Answer 1: Pyrene-labeled non-muscle actin has been shown to be unstable under normal storage conditions. To examine the polymerization of unlabeled non-muscle actin, please click here for a polymerization protocol that uses an excess of unlabeled non-muscle, cardiac or gizzard actin (Cat# APHL95, APHL99, AS99) + a small amount of pyrene-labeled skeletal muscle actin (Cat. # AP05). The pyrene muscle actin will not polymerize efficiently on its own at the concentration used in this assay, so the reaction is dependent on unlabeled actin polymerization for F-actin formation. In this way, the pyrene-labeled muscle actin is taken up and polymerized to serve as a reporter for polymerization of the unlabeled actin that is present at a much greater concentration.
Question 2: Can cell lysates be used with this kit as the source of a test protein?

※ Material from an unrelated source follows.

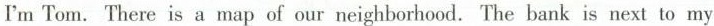
I'mTom. There is a map of our neighborhood. The bank is next to my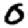
Digit: 0

Answer 2: Yes, cell lysates can be used as the source of the test protein for examining actin polymerization enhancers and inhibitors. However, Cytoskeleton does not recommend this as the purity and concentration of the protein will often be too low to interact with actin. Also, the lysates will contain additional accessory proteins and multiple phosphatases and proteases that can interfere or alter the interactions between actin and test protein. If lysates are to be used, we recommend the following:
Although this kit is designed for use with pure proteins or compounds, some researchers have added extracts with good results. Generally researchers use over-expressed proteins and a wild-type control extract similarly over-expressed. It is necessary to make a 10 mg/ml protein extract and then use 1/3rd volume of this to 2/3rd volume of pyrene-actin (Cat. # AP05). In this way there is a high enough concentration of protein to make a difference. The extraction buffer should be 20 mM Hepes pH 7.5, 20 mM NaCl, plus any co-factors for your protein, and a protease inhibitor cocktail (e.g., Cat# PIC02). Rinse the cells with an ice cold buffer and lyse cells with a 25 g bent over syringe needle or other device. The control cell line is very critical because the actin polymerization reaction is very sensitive to slight differences in protein concentration or salts.